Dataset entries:
━━━━━━

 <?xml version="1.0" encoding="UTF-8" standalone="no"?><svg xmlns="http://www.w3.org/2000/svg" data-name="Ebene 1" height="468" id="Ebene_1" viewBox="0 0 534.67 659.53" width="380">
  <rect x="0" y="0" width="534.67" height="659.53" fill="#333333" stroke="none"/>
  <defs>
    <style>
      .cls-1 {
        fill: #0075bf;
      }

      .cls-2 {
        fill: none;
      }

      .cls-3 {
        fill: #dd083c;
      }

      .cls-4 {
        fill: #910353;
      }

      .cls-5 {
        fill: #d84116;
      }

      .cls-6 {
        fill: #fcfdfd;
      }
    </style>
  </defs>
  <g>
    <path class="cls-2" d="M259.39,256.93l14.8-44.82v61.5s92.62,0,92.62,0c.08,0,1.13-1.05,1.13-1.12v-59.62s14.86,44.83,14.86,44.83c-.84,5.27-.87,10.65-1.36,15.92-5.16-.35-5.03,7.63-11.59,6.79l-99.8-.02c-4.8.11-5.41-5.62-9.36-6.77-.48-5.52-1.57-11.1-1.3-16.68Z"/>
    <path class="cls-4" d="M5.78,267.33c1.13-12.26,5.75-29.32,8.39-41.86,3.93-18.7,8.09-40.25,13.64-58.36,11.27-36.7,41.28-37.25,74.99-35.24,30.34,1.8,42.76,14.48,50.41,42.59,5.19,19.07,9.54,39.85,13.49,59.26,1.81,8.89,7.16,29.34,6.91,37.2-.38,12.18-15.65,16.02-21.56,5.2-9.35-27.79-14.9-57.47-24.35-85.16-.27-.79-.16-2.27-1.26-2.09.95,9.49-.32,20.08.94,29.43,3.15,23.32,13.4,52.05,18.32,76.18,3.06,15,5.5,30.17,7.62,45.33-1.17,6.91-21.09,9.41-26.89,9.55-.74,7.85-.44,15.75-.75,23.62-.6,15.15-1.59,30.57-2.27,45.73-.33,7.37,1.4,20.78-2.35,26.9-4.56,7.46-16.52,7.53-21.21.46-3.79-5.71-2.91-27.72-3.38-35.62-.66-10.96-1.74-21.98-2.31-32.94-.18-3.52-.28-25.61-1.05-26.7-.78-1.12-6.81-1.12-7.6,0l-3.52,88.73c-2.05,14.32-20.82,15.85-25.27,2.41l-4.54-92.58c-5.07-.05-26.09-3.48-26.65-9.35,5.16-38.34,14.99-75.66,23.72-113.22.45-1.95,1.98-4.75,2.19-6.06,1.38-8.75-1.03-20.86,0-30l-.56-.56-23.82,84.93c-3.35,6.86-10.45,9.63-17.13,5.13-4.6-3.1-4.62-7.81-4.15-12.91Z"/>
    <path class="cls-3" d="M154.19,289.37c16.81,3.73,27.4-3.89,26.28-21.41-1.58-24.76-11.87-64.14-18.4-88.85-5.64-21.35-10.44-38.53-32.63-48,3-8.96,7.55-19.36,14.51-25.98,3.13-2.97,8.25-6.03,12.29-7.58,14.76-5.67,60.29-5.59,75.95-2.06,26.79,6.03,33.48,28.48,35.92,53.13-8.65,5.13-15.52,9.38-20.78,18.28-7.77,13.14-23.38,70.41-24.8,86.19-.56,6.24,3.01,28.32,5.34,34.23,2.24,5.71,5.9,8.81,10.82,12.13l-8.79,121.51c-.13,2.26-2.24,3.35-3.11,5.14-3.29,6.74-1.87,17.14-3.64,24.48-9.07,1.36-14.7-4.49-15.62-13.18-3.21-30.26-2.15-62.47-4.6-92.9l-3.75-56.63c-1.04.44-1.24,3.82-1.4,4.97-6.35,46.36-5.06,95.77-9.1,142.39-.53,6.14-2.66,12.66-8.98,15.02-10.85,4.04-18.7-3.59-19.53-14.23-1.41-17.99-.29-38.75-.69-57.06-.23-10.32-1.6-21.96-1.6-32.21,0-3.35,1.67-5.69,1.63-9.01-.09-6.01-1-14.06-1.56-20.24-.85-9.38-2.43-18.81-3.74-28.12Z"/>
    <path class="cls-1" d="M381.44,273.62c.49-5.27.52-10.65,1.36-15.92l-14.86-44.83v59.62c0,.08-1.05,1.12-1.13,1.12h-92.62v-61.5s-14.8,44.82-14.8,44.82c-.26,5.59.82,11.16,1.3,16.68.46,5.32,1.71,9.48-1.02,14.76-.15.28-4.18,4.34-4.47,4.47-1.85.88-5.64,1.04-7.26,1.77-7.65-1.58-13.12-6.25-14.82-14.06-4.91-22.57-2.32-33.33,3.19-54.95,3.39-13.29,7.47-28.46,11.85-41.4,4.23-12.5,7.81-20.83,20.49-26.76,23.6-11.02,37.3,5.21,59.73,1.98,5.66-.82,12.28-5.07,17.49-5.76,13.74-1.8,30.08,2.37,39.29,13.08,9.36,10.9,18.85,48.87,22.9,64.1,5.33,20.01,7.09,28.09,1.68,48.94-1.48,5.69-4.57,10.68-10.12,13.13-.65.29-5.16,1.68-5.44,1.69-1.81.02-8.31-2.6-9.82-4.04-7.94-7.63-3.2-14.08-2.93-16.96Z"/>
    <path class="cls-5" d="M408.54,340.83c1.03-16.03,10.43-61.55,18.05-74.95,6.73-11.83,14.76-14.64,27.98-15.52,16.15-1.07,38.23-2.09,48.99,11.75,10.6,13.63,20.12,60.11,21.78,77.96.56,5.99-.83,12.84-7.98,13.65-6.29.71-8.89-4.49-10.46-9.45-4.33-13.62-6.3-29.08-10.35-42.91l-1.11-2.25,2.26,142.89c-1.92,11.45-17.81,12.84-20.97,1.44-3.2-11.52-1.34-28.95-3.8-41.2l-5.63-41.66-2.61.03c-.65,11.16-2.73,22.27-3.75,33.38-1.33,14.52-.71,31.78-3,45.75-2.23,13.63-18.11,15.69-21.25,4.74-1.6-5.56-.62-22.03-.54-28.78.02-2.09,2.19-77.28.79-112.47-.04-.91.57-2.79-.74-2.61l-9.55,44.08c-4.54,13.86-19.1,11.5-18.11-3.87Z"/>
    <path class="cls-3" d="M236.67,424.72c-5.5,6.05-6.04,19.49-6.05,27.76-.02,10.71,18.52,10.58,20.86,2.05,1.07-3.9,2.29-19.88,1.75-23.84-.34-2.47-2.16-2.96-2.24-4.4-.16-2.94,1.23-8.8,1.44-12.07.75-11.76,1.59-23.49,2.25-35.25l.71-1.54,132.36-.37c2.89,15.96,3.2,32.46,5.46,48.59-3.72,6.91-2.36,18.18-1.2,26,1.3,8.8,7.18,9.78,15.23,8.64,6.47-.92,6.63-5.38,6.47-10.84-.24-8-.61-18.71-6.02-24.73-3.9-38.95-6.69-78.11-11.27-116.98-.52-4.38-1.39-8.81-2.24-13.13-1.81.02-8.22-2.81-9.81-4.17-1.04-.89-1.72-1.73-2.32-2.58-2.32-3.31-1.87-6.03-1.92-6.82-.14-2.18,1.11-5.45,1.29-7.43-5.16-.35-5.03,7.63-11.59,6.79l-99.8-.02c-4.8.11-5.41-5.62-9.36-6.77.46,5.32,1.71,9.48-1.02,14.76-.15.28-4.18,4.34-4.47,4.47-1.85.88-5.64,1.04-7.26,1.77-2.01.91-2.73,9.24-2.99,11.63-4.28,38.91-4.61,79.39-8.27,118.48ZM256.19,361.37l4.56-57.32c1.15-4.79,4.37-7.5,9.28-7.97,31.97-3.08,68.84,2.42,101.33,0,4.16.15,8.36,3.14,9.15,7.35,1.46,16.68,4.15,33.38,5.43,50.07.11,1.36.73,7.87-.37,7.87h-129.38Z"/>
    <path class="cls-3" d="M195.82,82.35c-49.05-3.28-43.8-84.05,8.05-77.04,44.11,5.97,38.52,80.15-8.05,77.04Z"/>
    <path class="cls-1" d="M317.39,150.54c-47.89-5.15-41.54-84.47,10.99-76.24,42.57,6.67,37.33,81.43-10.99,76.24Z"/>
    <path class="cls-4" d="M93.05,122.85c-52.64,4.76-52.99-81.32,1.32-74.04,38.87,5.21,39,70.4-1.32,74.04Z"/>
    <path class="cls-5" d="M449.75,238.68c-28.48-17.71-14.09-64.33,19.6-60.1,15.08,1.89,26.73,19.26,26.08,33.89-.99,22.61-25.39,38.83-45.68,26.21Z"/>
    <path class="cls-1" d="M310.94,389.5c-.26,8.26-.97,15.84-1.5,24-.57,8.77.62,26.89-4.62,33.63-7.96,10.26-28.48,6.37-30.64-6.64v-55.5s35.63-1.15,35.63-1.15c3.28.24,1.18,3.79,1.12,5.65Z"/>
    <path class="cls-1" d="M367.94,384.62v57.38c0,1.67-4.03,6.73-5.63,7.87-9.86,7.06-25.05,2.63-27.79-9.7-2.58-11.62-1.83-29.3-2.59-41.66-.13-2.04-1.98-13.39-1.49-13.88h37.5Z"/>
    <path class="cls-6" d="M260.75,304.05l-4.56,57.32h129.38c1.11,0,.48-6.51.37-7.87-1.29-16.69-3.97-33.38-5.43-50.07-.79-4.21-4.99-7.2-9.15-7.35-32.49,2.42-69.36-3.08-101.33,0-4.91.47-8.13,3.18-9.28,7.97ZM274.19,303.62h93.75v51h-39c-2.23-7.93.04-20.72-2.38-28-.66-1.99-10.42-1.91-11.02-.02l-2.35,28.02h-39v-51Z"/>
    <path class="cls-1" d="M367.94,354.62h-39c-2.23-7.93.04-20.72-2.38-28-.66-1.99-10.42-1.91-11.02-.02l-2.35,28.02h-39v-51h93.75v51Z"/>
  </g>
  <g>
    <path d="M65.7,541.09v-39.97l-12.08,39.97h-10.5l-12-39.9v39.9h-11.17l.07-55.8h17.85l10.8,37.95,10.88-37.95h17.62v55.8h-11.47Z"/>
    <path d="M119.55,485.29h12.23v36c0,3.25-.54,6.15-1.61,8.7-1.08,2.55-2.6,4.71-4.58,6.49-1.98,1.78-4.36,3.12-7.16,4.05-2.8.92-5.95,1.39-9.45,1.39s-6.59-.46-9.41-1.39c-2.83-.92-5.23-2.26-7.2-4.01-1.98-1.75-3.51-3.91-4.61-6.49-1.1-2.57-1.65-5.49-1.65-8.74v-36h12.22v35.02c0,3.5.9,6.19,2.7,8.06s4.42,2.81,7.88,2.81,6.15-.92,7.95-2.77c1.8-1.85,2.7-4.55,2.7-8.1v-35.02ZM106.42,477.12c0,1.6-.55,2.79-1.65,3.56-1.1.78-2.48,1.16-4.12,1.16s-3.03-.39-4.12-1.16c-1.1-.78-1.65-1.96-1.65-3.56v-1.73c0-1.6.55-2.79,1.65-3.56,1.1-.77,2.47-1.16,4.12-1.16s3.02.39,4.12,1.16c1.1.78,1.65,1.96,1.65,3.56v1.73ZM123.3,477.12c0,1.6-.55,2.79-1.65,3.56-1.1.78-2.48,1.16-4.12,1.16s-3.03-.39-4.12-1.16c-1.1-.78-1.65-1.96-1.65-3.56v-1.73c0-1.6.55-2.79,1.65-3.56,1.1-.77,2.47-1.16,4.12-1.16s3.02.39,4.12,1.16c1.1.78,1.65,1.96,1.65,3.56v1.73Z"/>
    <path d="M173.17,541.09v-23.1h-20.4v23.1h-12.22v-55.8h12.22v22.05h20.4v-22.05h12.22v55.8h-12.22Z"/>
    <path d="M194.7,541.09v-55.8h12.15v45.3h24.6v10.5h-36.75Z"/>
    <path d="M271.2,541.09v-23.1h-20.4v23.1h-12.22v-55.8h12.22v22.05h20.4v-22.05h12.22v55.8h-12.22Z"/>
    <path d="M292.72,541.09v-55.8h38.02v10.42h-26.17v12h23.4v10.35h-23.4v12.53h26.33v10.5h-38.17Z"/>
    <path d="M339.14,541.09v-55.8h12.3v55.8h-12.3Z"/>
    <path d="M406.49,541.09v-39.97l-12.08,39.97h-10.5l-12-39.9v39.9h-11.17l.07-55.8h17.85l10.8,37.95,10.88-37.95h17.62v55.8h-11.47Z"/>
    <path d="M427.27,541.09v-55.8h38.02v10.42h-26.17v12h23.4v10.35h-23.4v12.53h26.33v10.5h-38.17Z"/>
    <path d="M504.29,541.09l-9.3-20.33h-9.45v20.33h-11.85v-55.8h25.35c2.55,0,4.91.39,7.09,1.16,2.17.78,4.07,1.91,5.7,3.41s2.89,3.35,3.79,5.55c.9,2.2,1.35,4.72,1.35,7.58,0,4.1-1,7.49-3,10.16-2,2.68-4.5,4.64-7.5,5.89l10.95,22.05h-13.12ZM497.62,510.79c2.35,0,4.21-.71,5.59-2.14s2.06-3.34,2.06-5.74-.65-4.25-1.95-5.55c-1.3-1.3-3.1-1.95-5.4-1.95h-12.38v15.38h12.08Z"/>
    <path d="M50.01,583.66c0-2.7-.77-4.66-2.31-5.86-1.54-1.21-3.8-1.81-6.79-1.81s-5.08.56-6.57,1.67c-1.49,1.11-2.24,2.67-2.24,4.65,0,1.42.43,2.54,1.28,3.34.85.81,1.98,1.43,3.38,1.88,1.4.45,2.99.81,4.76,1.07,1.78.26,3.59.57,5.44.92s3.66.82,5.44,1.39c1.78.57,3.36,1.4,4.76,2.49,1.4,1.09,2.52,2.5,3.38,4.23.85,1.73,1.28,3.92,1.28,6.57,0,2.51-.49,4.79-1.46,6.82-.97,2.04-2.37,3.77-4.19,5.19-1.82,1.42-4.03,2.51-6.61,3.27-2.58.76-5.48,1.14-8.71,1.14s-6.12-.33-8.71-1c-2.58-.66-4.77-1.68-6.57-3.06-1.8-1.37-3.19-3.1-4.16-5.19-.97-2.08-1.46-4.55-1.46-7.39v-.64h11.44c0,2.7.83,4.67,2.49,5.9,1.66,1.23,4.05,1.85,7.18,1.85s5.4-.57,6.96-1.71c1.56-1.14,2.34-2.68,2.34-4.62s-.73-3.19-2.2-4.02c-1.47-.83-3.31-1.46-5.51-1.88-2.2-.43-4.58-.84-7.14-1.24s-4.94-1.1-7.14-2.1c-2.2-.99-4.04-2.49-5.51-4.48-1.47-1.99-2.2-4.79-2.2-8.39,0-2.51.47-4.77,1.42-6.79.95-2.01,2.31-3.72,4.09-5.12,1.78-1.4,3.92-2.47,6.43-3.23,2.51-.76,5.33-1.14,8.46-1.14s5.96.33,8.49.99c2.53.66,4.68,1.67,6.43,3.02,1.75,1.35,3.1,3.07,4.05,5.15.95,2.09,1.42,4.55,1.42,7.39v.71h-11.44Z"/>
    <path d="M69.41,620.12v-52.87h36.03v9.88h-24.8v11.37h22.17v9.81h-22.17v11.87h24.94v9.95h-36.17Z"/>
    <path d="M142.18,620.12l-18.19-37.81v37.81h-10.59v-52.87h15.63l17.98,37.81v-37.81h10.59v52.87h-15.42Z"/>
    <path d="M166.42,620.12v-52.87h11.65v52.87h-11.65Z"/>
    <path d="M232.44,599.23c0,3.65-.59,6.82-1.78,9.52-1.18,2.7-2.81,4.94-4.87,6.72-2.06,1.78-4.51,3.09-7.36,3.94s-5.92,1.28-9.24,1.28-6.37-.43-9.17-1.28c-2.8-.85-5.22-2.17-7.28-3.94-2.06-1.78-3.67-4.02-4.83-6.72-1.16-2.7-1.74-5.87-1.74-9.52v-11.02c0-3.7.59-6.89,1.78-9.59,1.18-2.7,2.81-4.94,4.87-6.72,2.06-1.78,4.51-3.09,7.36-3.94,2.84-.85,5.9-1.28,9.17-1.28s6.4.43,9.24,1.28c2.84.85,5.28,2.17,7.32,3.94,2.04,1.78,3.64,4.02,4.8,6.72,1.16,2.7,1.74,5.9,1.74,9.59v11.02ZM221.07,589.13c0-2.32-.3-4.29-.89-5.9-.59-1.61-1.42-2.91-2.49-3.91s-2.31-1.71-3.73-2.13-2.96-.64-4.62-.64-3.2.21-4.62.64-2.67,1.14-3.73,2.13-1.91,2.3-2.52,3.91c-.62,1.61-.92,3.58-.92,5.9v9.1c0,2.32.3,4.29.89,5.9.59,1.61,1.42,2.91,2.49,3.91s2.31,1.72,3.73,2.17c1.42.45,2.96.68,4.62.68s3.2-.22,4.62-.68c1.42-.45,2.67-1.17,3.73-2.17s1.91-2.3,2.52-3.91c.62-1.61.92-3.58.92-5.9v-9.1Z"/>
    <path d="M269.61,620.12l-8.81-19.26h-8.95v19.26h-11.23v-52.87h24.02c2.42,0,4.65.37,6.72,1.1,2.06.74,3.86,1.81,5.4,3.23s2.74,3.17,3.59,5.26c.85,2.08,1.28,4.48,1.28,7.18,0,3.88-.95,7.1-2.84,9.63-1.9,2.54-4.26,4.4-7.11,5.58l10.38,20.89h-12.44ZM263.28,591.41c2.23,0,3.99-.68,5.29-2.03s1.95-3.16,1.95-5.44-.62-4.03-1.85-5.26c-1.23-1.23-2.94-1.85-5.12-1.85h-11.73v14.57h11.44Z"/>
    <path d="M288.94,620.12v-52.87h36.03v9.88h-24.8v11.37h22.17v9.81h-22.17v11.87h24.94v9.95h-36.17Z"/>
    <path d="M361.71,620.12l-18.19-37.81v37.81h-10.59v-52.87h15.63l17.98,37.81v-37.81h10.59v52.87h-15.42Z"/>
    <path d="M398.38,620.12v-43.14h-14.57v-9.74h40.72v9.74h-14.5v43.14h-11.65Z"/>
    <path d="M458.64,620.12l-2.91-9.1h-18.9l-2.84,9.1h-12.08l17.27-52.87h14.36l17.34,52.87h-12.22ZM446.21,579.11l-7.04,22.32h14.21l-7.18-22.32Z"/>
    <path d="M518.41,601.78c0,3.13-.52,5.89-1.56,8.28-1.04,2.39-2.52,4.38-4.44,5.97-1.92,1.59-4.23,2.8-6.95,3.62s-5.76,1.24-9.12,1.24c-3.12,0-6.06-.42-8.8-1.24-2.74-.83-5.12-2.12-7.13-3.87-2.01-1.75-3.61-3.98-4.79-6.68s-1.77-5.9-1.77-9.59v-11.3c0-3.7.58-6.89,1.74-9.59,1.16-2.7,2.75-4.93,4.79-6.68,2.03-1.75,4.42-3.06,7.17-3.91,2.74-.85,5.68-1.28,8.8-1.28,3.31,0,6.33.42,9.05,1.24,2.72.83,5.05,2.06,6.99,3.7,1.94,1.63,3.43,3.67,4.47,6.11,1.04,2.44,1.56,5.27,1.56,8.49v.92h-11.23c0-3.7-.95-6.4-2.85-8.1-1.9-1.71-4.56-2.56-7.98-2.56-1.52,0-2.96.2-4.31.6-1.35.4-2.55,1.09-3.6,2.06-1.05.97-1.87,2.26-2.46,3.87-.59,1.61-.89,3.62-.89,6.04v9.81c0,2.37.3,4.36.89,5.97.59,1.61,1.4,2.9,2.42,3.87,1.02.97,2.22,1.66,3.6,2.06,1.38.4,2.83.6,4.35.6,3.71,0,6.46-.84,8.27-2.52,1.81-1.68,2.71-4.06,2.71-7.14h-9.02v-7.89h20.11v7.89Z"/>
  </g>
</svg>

━━━━━━

Only one number is expected: the count of lines above that contain the string "fill".

Answer section: 7